Where do you put your brain?

21 Nov
Somehow this blog lost my intro sentences.  Fortunately, I can edit it, so if you read this already, here are is beginning.
My question is, “Where do you put your brain?”  That is, what is the mental loop that runs in your brain.  Richard Foster says that your emotions do not control how we feel, but it is our mental activity is what controls our emotions.  The psalmist puts their thoughts on God.  lt is God who heals and makes us whole.  It is God where the hope comes from in difficult times.

“1-3 Dignify those who are down on their luck;
you’ll feel good—that’s what God does.
God looks after us all,
makes us robust with life—
Lucky to be in the land,
we’re free from enemy worries.
Whenever we’re sick and in bed,
God becomes our nurse,
nurses us back to health.”

The psalmist says that even when they have sinned and are feeling attacked by enemies and those who call themselves friends, God is the one that we go to for help.

” I said, “God, be gracious!
Put me together again—
my sins have torn me to pieces.”
My enemies are wishing the worst for me;
they make bets on what day I will die.
If someone comes to see me,
he mouths empty platitudes,
All the while gathering gossip about me
to entertain the street-corner crowd.
These “friends” who hate me
whisper slanders all over town.
They form committees
to plan misery for me.

8-9 The rumor goes out, “He’s got some dirty,
deadly disease. The doctors
have given up on him.”
Even my best friend, the one I always told everything
—he ate meals at my house all the time!—
has bitten my hand.”

When the writers is feeling as through even best friends has turned against them, they look for God to pick them up.  For me, this is the difference in the psalm.  There is always a hope in God to bring healing into a difficult and lonely situation.

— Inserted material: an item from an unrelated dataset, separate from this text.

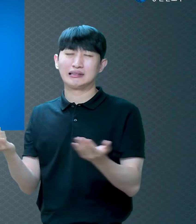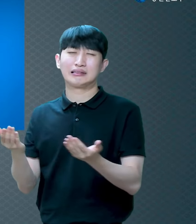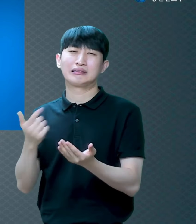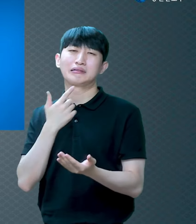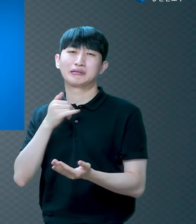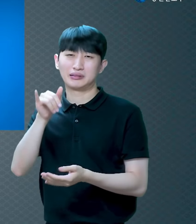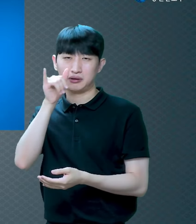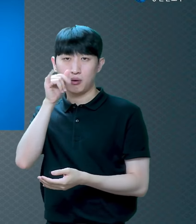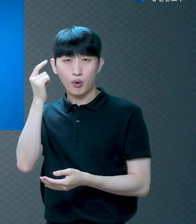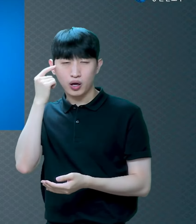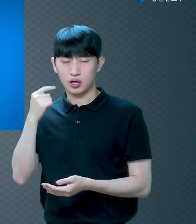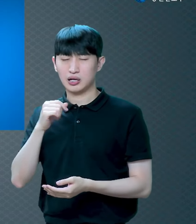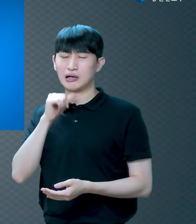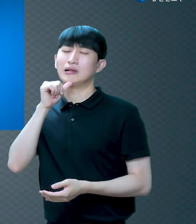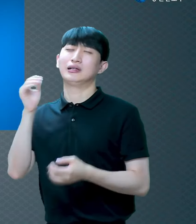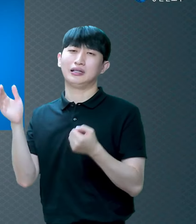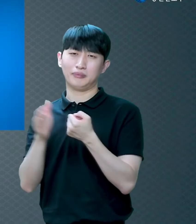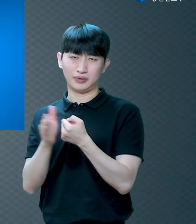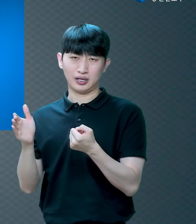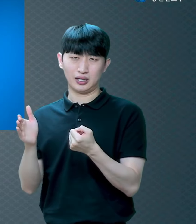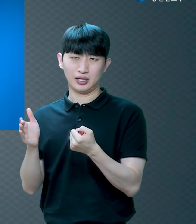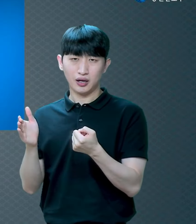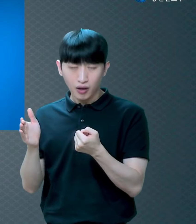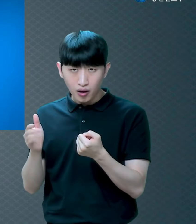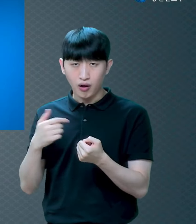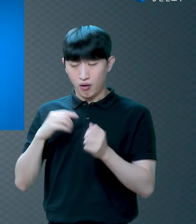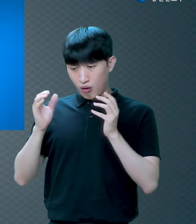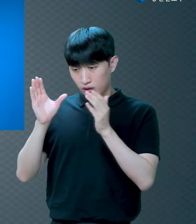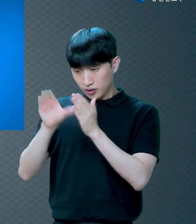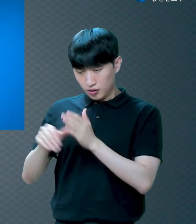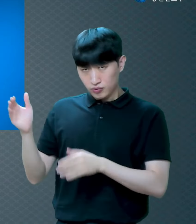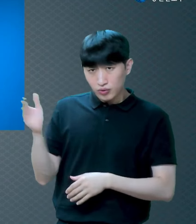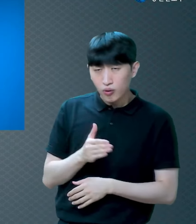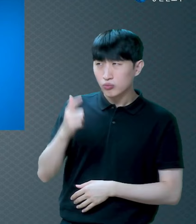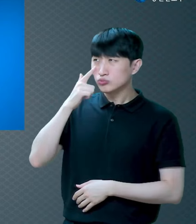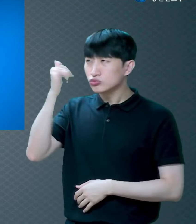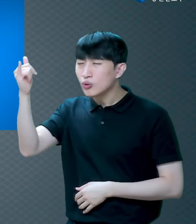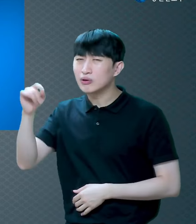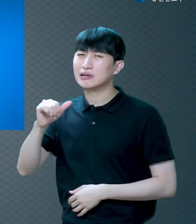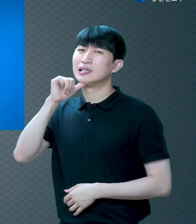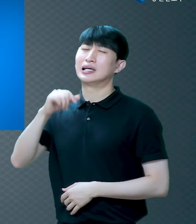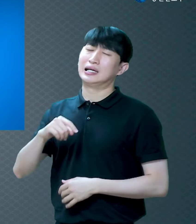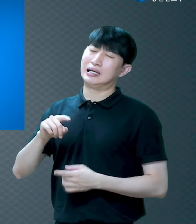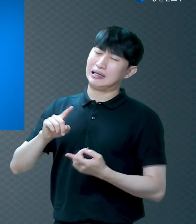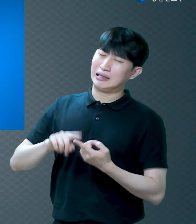마음이 완전히 달라졌어요 마음 자체가

 God, give grace, get me up on my feet.
I’ll show them a thing or two.

“11-12 Meanwhile, I’m sure you’re on my side—
no victory shouts yet from the enemy camp!
You know me inside and out, you hold me together,
you never fail to stand me tall in your presence
so I can look you in the eye.

13 Blessed is God, Israel’s God,
always, always, always.
Yes. Yes. Yes.”

So, again the question is, what is in your brain?  Are you like the psalmist who says, Blessed is God, always, always, always, Yes, yes, yes.  I will confess that the reason I am writing about this theme is that this morning I notice a negative refrain running through my brain.  I was at the gym at the YMCA and I was noticing people younger and thinner than me, since this includes a lot of people it happens a lot.  I realized that the phase I was saying to myself had to do with age and body type, which I really don’t care that much about.  I also remember that Richard Foster said our thoughts influence our emotions and outlook.  So, I have decided to replace the phrase that runs through my brain, particularly at the Y.   It is kinda like Blessed God, always, always, always, yes, yes, yes. – the one I decided upon is, “you are God’s child and you are here to share God’s grace.”  That’s it.  So, what runs through your brain?  Do you need to change the phrase that runs through your brain?